PCR was done with primers Atccb3-Mega5’nah and Atccb3-3.
Supplemental Fig. S12: RPF3/RPF6 composite proteins did not support ccmC mRNA
processing (A) Binding predictions of composite proteins RPF3N/6C combining the Nterminal part of RPF3 (grey) with the C-terminal part of RPF6 (black) and RPF6N/3C
combining the N-terminal part of RPF6 with the C-terminal part of RPF3. Binding is shown
for Col and C24 ccmC binding sites. (B) CR-RT-PCR analysis of No-0 and rpf3-1 plants (#1,
#2 or #4) transformed with different chimeric constructs (given above the image). None of
the chimeric construct restores ccmC processing. Control reactions are shown in the right.

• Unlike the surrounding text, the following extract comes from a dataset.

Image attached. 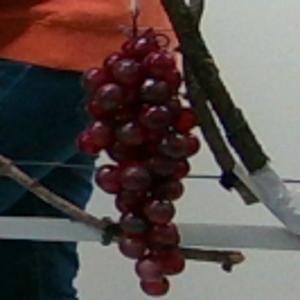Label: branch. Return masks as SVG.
<instances>
[{"label":"branch","instance_id":"30e6481e","mask_svg":"<svg viewBox=\"0 0 300 300\" xmlns=\"http://www.w3.org/2000/svg\"><path fill=\"white\" fill-rule=\"evenodd\" d=\"M159 1H160V7H161V8H162V10H163V11H164V13H165V16H166V18H167V21H168V23H169V26H170V28H171V31H172V33H173V35H174V37H175V38H176V39H177V41H178V45H176V47H174V48H172V51H173V52H174V53H177V54H179V55H180V56H181V69H182V77H183V82H184V84H185V92H183V93H182V91H181V90H179V91H178V94H177V95H176V96H178V97H181V98H182V99H183V101H185V102H186V103H187V104H188V105H191V106H193V107H195V108H196V110H197V111H198V114H199V121H198V124H197V125H196V127H197V128H198V130H199V132H200V134H201V137H202V139H203V141H204V143H205V144H206V146H207V148H208V150H209V153H210V155H211V156H212V158H213V160H214V164H215V165H217V166H218V168H219V169H220V170H221V177H220V178H219V180H218V181H217V184H219V185H220V186H221V187H222V188H223V189H224V190H226V191H227V192H229V193H232V191H233V189H234V190H235V191H236V193H237V195H238V196H239V198H240V200H241V202H242V204H243V206H244V207H247V206H251V205H254V204H255V203H262V204H263V205H264V206H265V207H266V208H267V209H268V211H269V212H270V213H271V214H272V215H273V216H274V217H275V218H276V219H277V220H278V221H279V222H280V223H281V224H282V225H283V226H284V227H285V228H287V229H288V230H289V231H290V232H292V233H293V234H294V235H296V236H299V237H300V197H299V196H298V195H297V194H296V193H295V192H293V190H292V189H291V188H289V187H288V186H287V185H286V184H283V183H282V182H281V181H280V179H281V177H280V176H279V175H277V174H276V172H275V171H274V170H273V168H272V167H271V164H272V159H271V158H270V156H268V155H267V153H266V152H265V150H264V146H263V145H262V144H261V143H260V140H258V139H257V135H256V133H255V132H254V130H253V129H252V128H251V126H250V125H249V122H248V121H247V119H246V118H245V116H244V114H243V110H242V108H240V107H238V106H236V105H235V102H234V100H233V98H232V95H231V94H230V93H229V90H228V89H227V87H226V84H225V82H224V80H223V79H222V76H221V74H220V68H218V66H217V63H216V61H214V57H213V54H212V53H211V51H210V50H209V48H208V47H207V45H206V41H205V39H204V37H203V34H202V30H201V24H202V17H203V13H204V12H205V3H206V0H189V4H187V2H186V0H159ZM212 110H213V111H214V112H215V114H216V116H217V118H218V122H219V124H220V125H221V127H222V128H223V133H222V131H221V128H220V127H219V126H218V124H217V121H216V119H215V117H214V116H213V114H212ZM229 147H230V148H231V149H232V150H233V151H234V154H236V155H237V157H238V159H239V161H240V162H241V164H242V165H243V167H242V166H241V165H239V164H238V163H237V161H236V159H235V157H234V156H233V153H232V151H231V150H230V149H229Z\"/></svg>","mask_w":300,"mask_h":300},{"label":"branch","instance_id":"325d2c04","mask_svg":"<svg viewBox=\"0 0 300 300\" xmlns=\"http://www.w3.org/2000/svg\"><path fill=\"white\" fill-rule=\"evenodd\" d=\"M0 173L7 175L13 181L25 186L35 195L51 203L70 216L71 224H83L100 234V244L104 247L110 246L112 243L119 244L122 236L119 222H115L112 216L102 215L101 218L94 214L84 211L78 206L70 203L66 199L48 191L46 188L38 185V183L25 172L21 171L16 164L0 152Z\"/></svg>","mask_w":300,"mask_h":300},{"label":"branch","instance_id":"170604dd","mask_svg":"<svg viewBox=\"0 0 300 300\" xmlns=\"http://www.w3.org/2000/svg\"><path fill=\"white\" fill-rule=\"evenodd\" d=\"M177 249L183 252L186 260L220 265L221 270L227 274H232L235 266L247 260L242 250L205 249L184 245H179Z\"/></svg>","mask_w":300,"mask_h":300}]
</instances>

Supplemental Table 1: Transcript phenotype and mitochondrial DNA genotype of the
ccmC gene in 51 Arabidopsis accessions. The ccmC phenotype was analyzed by a CR-RT-PCR
analysis. The ccmC genotype was analyzed by using a Kpn2I digestion of a PCR product
spanning the genotype discriminating region. Here all accessions showed either the C24 or
the Col specific pattern (see Fig.1B).
Supplemental Table S2: Genes analyzed in complementation tests in No-0. Several PPR
genes encoded in gene cluster on the lower arm of chromosome I are tested for their ability
to restore the ccmC 5‘ processing in No-0. The candidate genes including the 5’ and 3’
flanking regions where stably transformed into No-0. None of the here listed genes was able
to restore the ccmC 5’ processing in this accession.
Supplemental Table S3: Genomic markers.
Supplemental Table S4: Oligonucleotide sequences.
Supplemental Methods S1: Complementation tests.